• INSTRUCTIONS TO FOLLOW: Transcribe exactly the line containing "#29012 = DIRECTION" and each line after it, through the end of the entries, with nothing before or after.

-------- TASK MATERIAL --------

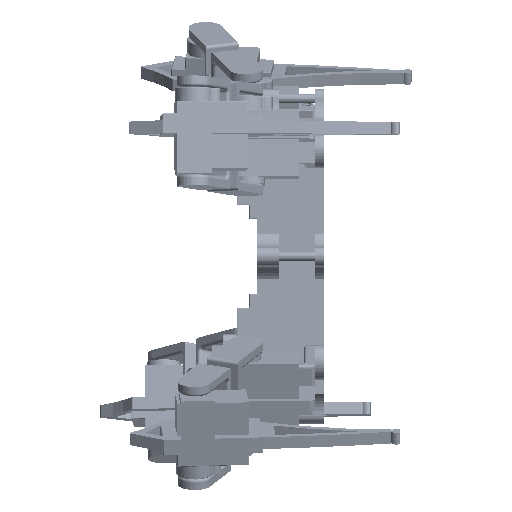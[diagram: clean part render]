
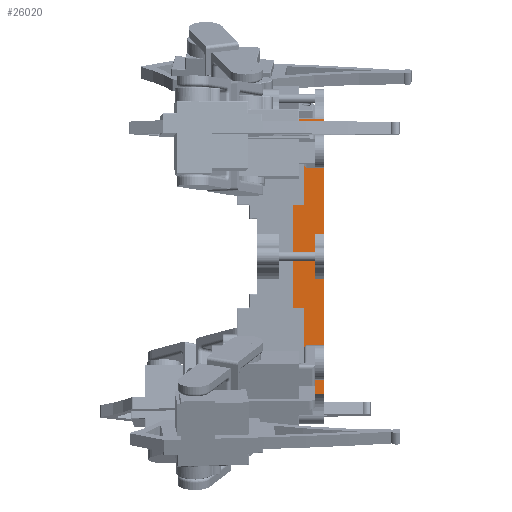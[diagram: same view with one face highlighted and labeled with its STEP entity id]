
A CAD part, left-side view. The second image highlights one B-rep face of the part: STEP entity #26020.
In plain terms, the highlighted planar face has unit normal (-1, 0, 0).
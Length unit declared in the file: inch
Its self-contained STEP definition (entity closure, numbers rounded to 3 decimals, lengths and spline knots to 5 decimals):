
#80 = CARTESIAN_POINT ( 'NONE',  ( -0.7874, 0., 1.55512 ) ) ;
#250 = EDGE_CURVE ( 'NONE', #31232, #33813, #26035, .T. ) ;
#356 = LINE ( 'NONE', #5669, #21955 ) ;
#391 = ORIENTED_EDGE ( 'NONE', *, *, #250, .F. ) ;
#832 = DIRECTION ( 'NONE',  ( 0., -1., 0. ) ) ;
#867 = EDGE_CURVE ( 'NONE', #28847, #13988, #3872, .T. ) ;
#928 = CARTESIAN_POINT ( 'NONE',  ( -0.7874, 0.11811, 0. ) ) ;
#973 = EDGE_LOOP ( 'NONE', ( #28187, #25617, #391, #9443, #37638, #9958, #29748, #1526, #18255, #18214, #13579, #35028, #15931, #2184, #31664, #25004, #31596 ) ) ;
#1007 = VECTOR ( 'NONE', #1432, 39.37008 ) ;
#1042 = VERTEX_POINT ( 'NONE', #21503 ) ;
#1176 = CARTESIAN_POINT ( 'NONE',  ( -0.7874, 0.11811, 1.12205 ) ) ;
#1432 = DIRECTION ( 'NONE',  ( 0., -1., 0. ) ) ;
#1526 = ORIENTED_EDGE ( 'NONE', *, *, #3242, .T. ) ;
#1860 = DIRECTION ( 'NONE',  ( 0., -1., 0. ) ) ;
#2103 = CARTESIAN_POINT ( 'NONE',  ( -0.7874, 0.3937, -1.73228 ) ) ;
#2184 = ORIENTED_EDGE ( 'NONE', *, *, #18659, .T. ) ;
#2417 = DIRECTION ( 'NONE',  ( 0., -1., 0. ) ) ;
#2544 = DIRECTION ( 'NONE',  ( 0., 0., 1. ) ) ;
#2577 = LINE ( 'NONE', #20791, #7826 ) ;
#3242 = EDGE_CURVE ( 'NONE', #4302, #30119, #2577, .T. ) ;
#3872 = LINE ( 'NONE', #33515, #14928 ) ;
#4302 = VERTEX_POINT ( 'NONE', #19471 ) ;
#4485 = LINE ( 'NONE', #26963, #21268 ) ;
#4828 = CARTESIAN_POINT ( 'NONE',  ( -0.7874, 0.11811, 1.55512 ) ) ;
#5321 = CARTESIAN_POINT ( 'NONE',  ( -0.7874, 0.3937, 1.73228 ) ) ;
#5420 = LINE ( 'NONE', #80, #17416 ) ;
#5527 = CARTESIAN_POINT ( 'NONE',  ( -0.7874, 0., -1.12205 ) ) ;
#5669 = CARTESIAN_POINT ( 'NONE',  ( -0.7874, 0.3937, 0. ) ) ;
#5682 = LINE ( 'NONE', #26255, #21549 ) ;
#6276 = LINE ( 'NONE', #4828, #37496 ) ;
#6745 = CARTESIAN_POINT ( 'NONE',  ( -0.7874, 0.11811, 0.28031 ) ) ;
#6861 = FACE_OUTER_BOUND ( 'NONE', #973, .T. ) ;
#7701 = VERTEX_POINT ( 'NONE', #5527 ) ;
#7826 = VECTOR ( 'NONE', #36209, 39.37008 ) ;
#7905 = CARTESIAN_POINT ( 'NONE',  ( -0.7874, 0.11811, 1.55512 ) ) ;
#8608 = CARTESIAN_POINT ( 'NONE',  ( -0.7874, 0.11811, 1.55512 ) ) ;
#9443 = ORIENTED_EDGE ( 'NONE', *, *, #23250, .F. ) ;
#9958 = ORIENTED_EDGE ( 'NONE', *, *, #26152, .T. ) ;
#10308 = VECTOR ( 'NONE', #10615, 39.37008 ) ;
#10615 = DIRECTION ( 'NONE',  ( 0., -1., 0. ) ) ;
#10719 = VECTOR ( 'NONE', #28338, 39.37008 ) ;
#11406 = CARTESIAN_POINT ( 'NONE',  ( -0.7874, 0., 0.28031 ) ) ;
#12485 = EDGE_CURVE ( 'NONE', #33813, #36481, #36738, .T. ) ;
#12662 = AXIS2_PLACEMENT_3D ( 'NONE', #7905, #26198, #38504 ) ;
#12710 = VECTOR ( 'NONE', #2417, 39.37008 ) ;
#12768 = EDGE_CURVE ( 'NONE', #14041, #26248, #18512, .T. ) ;
#13393 = CARTESIAN_POINT ( 'NONE',  ( -0.7874, 0.11811, 1.12205 ) ) ;
#13579 = ORIENTED_EDGE ( 'NONE', *, *, #12768, .F. ) ;
#13988 = VERTEX_POINT ( 'NONE', #35207 ) ;
#14041 = VERTEX_POINT ( 'NONE', #28884 ) ;
#14573 = EDGE_CURVE ( 'NONE', #4302, #22973, #17573, .T. ) ;
#14770 = LINE ( 'NONE', #928, #30084 ) ;
#14928 = VECTOR ( 'NONE', #23813, 39.37008 ) ;
#15780 = EDGE_CURVE ( 'NONE', #30119, #7701, #25144, .T. ) ;
#15897 = LINE ( 'NONE', #13393, #1007 ) ;
#15931 = ORIENTED_EDGE ( 'NONE', *, *, #867, .T. ) ;
#16367 = VECTOR ( 'NONE', #35803, 39.37008 ) ;
#16529 = DIRECTION ( 'NONE',  ( 0., 0., 1. ) ) ;
#17416 = VECTOR ( 'NONE', #18606, 39.37008 ) ;
#17483 = CARTESIAN_POINT ( 'NONE',  ( -0.7874, 0., 1.73228 ) ) ;
#17573 = LINE ( 'NONE', #34753, #19500 ) ;
#17854 = VECTOR ( 'NONE', #26786, 39.37008 ) ;
#18214 = ORIENTED_EDGE ( 'NONE', *, *, #20220, .T. ) ;
#18255 = ORIENTED_EDGE ( 'NONE', *, *, #15780, .T. ) ;
#18512 = LINE ( 'NONE', #38788, #10308 ) ;
#18606 = DIRECTION ( 'NONE',  ( 0., 0., 1. ) ) ;
#18640 = EDGE_CURVE ( 'NONE', #30972, #38829, #6276, .T. ) ;
#18659 = EDGE_CURVE ( 'NONE', #13988, #26067, #28790, .T. ) ;
#18814 = VECTOR ( 'NONE', #21726, 39.37008 ) ;
#19350 = CARTESIAN_POINT ( 'NONE',  ( -0.7874, 0., -1.12205 ) ) ;
#19471 = CARTESIAN_POINT ( 'NONE',  ( -0.7874, 0.11811, -1.55512 ) ) ;
#19500 = VECTOR ( 'NONE', #832, 39.37008 ) ;
#20220 = EDGE_CURVE ( 'NONE', #7701, #26248, #27730, .T. ) ;
#20791 = CARTESIAN_POINT ( 'NONE',  ( -0.7874, 0.11811, 0. ) ) ;
#21268 = VECTOR ( 'NONE', #2544, 39.37008 ) ;
#21503 = CARTESIAN_POINT ( 'NONE',  ( -0.7874, 0., -1.73228 ) ) ;
#21549 = VECTOR ( 'NONE', #29012, 39.37008 ) ;
#21726 = DIRECTION ( 'NONE',  ( 0., 0., 1. ) ) ;
#21955 = VECTOR ( 'NONE', #27135, 39.37008 ) ;
#22973 = VERTEX_POINT ( 'NONE', #25834 ) ;
#23250 = EDGE_CURVE ( 'NONE', #33117, #31232, #356, .T. ) ;
#23516 = CARTESIAN_POINT ( 'NONE',  ( -0.7874, 0., 1.55512 ) ) ;
#23537 = EDGE_CURVE ( 'NONE', #14041, #28847, #14770, .T. ) ;
#23813 = DIRECTION ( 'NONE',  ( 0., -1., 0. ) ) ;
#23903 = VECTOR ( 'NONE', #16529, 39.37008 ) ;
#25004 = ORIENTED_EDGE ( 'NONE', *, *, #28682, .T. ) ;
#25144 = LINE ( 'NONE', #28078, #10719 ) ;
#25528 = DIRECTION ( 'NONE',  ( 0., 0., 1. ) ) ;
#25617 = ORIENTED_EDGE ( 'NONE', *, *, #12485, .F. ) ;
#25834 = CARTESIAN_POINT ( 'NONE',  ( -0.7874, 0., -1.55512 ) ) ;
#26020 = ADVANCED_FACE ( 'NONE', ( #6861 ), #29347, .F. ) ;
#26035 = LINE ( 'NONE', #5321, #17854 ) ;
#26067 = VERTEX_POINT ( 'NONE', #29489 ) ;
#26152 = EDGE_CURVE ( 'NONE', #1042, #22973, #4485, .T. ) ;
#26198 = DIRECTION ( 'NONE',  ( 1., 0., 0. ) ) ;
#26248 = VERTEX_POINT ( 'NONE', #29757 ) ;
#26255 = CARTESIAN_POINT ( 'NONE',  ( -0.7874, 0.11811, -1.73228 ) ) ;
#26786 = DIRECTION ( 'NONE',  ( 0., -1., 0. ) ) ;
#26963 = CARTESIAN_POINT ( 'NONE',  ( -0.7874, 0., -1.73228 ) ) ;
#27135 = DIRECTION ( 'NONE',  ( 0., 0., 1. ) ) ;
#27730 = LINE ( 'NONE', #19350, #23903 ) ;
#28078 = CARTESIAN_POINT ( 'NONE',  ( -0.7874, 0.11811, -1.12205 ) ) ;
#28184 = CARTESIAN_POINT ( 'NONE',  ( -0.7874, 0.11811, 1.73228 ) ) ;
#28187 = ORIENTED_EDGE ( 'NONE', *, *, #34927, .T. ) ;
#28338 = DIRECTION ( 'NONE',  ( 0., -1., 0. ) ) ;
#28682 = EDGE_CURVE ( 'NONE', #29989, #30972, #29318, .T. ) ;
#28790 = LINE ( 'NONE', #11406, #16367 ) ;
#28834 = EDGE_CURVE ( 'NONE', #29989, #26067, #15897, .T. ) ;
#28847 = VERTEX_POINT ( 'NONE', #6745 ) ;
#28884 = CARTESIAN_POINT ( 'NONE',  ( -0.7874, 0.11811, -0.28031 ) ) ;
#29012 = DIRECTION ( 'NONE',  ( 0., -1., 0. ) ) ;
#29182 = CARTESIAN_POINT ( 'NONE',  ( -0.7874, 0.11811, -1.12205 ) ) ;
#29318 = LINE ( 'NONE', #37285, #18814 ) ;
#29347 = PLANE ( 'NONE',  #12662 ) ;
#29489 = CARTESIAN_POINT ( 'NONE',  ( -0.7874, 0., 1.12205 ) ) ;
#29748 = ORIENTED_EDGE ( 'NONE', *, *, #14573, .F. ) ;
#29757 = CARTESIAN_POINT ( 'NONE',  ( -0.7874, 0., -0.28031 ) ) ;
#29764 = CARTESIAN_POINT ( 'NONE',  ( -0.7874, 0.11811, 1.73228 ) ) ;
#29989 = VERTEX_POINT ( 'NONE', #1176 ) ;
#30084 = VECTOR ( 'NONE', #25528, 39.37008 ) ;
#30119 = VERTEX_POINT ( 'NONE', #29182 ) ;
#30654 = EDGE_CURVE ( 'NONE', #33117, #1042, #5682, .T. ) ;
#30972 = VERTEX_POINT ( 'NONE', #8608 ) ;
#31232 = VERTEX_POINT ( 'NONE', #33096 ) ;
#31596 = ORIENTED_EDGE ( 'NONE', *, *, #18640, .T. ) ;
#31664 = ORIENTED_EDGE ( 'NONE', *, *, #28834, .F. ) ;
#33096 = CARTESIAN_POINT ( 'NONE',  ( -0.7874, 0.3937, 1.73228 ) ) ;
#33117 = VERTEX_POINT ( 'NONE', #2103 ) ;
#33515 = CARTESIAN_POINT ( 'NONE',  ( -0.7874, 0.11811, 0.28031 ) ) ;
#33813 = VERTEX_POINT ( 'NONE', #28184 ) ;
#34753 = CARTESIAN_POINT ( 'NONE',  ( -0.7874, 0.11811, -1.55512 ) ) ;
#34927 = EDGE_CURVE ( 'NONE', #38829, #36481, #5420, .T. ) ;
#35028 = ORIENTED_EDGE ( 'NONE', *, *, #23537, .T. ) ;
#35207 = CARTESIAN_POINT ( 'NONE',  ( -0.7874, 0., 0.28031 ) ) ;
#35803 = DIRECTION ( 'NONE',  ( 0., 0., 1. ) ) ;
#36209 = DIRECTION ( 'NONE',  ( 0., 0., 1. ) ) ;
#36481 = VERTEX_POINT ( 'NONE', #17483 ) ;
#36738 = LINE ( 'NONE', #29764, #12710 ) ;
#37285 = CARTESIAN_POINT ( 'NONE',  ( -0.7874, 0.11811, 0. ) ) ;
#37496 = VECTOR ( 'NONE', #1860, 39.37008 ) ;
#37638 = ORIENTED_EDGE ( 'NONE', *, *, #30654, .T. ) ;
#38504 = DIRECTION ( 'NONE',  ( 0., 0., -1. ) ) ;
#38788 = CARTESIAN_POINT ( 'NONE',  ( -0.7874, 0.11811, -0.28031 ) ) ;
#38829 = VERTEX_POINT ( 'NONE', #23516 ) ;

--------

• OUTPUT:
#29012 = DIRECTION ( 'NONE',  ( 0., -1., 0. ) ) ;
#29182 = CARTESIAN_POINT ( 'NONE',  ( -0.7874, 0.11811, -1.12205 ) ) ;
#29318 = LINE ( 'NONE', #37285, #18814 ) ;
#29347 = PLANE ( 'NONE',  #12662 ) ;
#29489 = CARTESIAN_POINT ( 'NONE',  ( -0.7874, 0., 1.12205 ) ) ;
#29748 = ORIENTED_EDGE ( 'NONE', *, *, #14573, .F. ) ;
#29757 = CARTESIAN_POINT ( 'NONE',  ( -0.7874, 0., -0.28031 ) ) ;
#29764 = CARTESIAN_POINT ( 'NONE',  ( -0.7874, 0.11811, 1.73228 ) ) ;
#29989 = VERTEX_POINT ( 'NONE', #1176 ) ;
#30084 = VECTOR ( 'NONE', #25528, 39.37008 ) ;
#30119 = VERTEX_POINT ( 'NONE', #29182 ) ;
#30654 = EDGE_CURVE ( 'NONE', #33117, #1042, #5682, .T. ) ;
#30972 = VERTEX_POINT ( 'NONE', #8608 ) ;
#31232 = VERTEX_POINT ( 'NONE', #33096 ) ;
#31596 = ORIENTED_EDGE ( 'NONE', *, *, #18640, .T. ) ;
#31664 = ORIENTED_EDGE ( 'NONE', *, *, #28834, .F. ) ;
#33096 = CARTESIAN_POINT ( 'NONE',  ( -0.7874, 0.3937, 1.73228 ) ) ;
#33117 = VERTEX_POINT ( 'NONE', #2103 ) ;
#33515 = CARTESIAN_POINT ( 'NONE',  ( -0.7874, 0.11811, 0.28031 ) ) ;
#33813 = VERTEX_POINT ( 'NONE', #28184 ) ;
#34753 = CARTESIAN_POINT ( 'NONE',  ( -0.7874, 0.11811, -1.55512 ) ) ;
#34927 = EDGE_CURVE ( 'NONE', #38829, #36481, #5420, .T. ) ;
#35028 = ORIENTED_EDGE ( 'NONE', *, *, #23537, .T. ) ;
#35207 = CARTESIAN_POINT ( 'NONE',  ( -0.7874, 0., 0.28031 ) ) ;
#35803 = DIRECTION ( 'NONE',  ( 0., 0., 1. ) ) ;
#36209 = DIRECTION ( 'NONE',  ( 0., 0., 1. ) ) ;
#36481 = VERTEX_POINT ( 'NONE', #17483 ) ;
#36738 = LINE ( 'NONE', #29764, #12710 ) ;
#37285 = CARTESIAN_POINT ( 'NONE',  ( -0.7874, 0.11811, 0. ) ) ;
#37496 = VECTOR ( 'NONE', #1860, 39.37008 ) ;
#37638 = ORIENTED_EDGE ( 'NONE', *, *, #30654, .T. ) ;
#38504 = DIRECTION ( 'NONE',  ( 0., 0., -1. ) ) ;
#38788 = CARTESIAN_POINT ( 'NONE',  ( -0.7874, 0.11811, -0.28031 ) ) ;
#38829 = VERTEX_POINT ( 'NONE', #23516 ) ;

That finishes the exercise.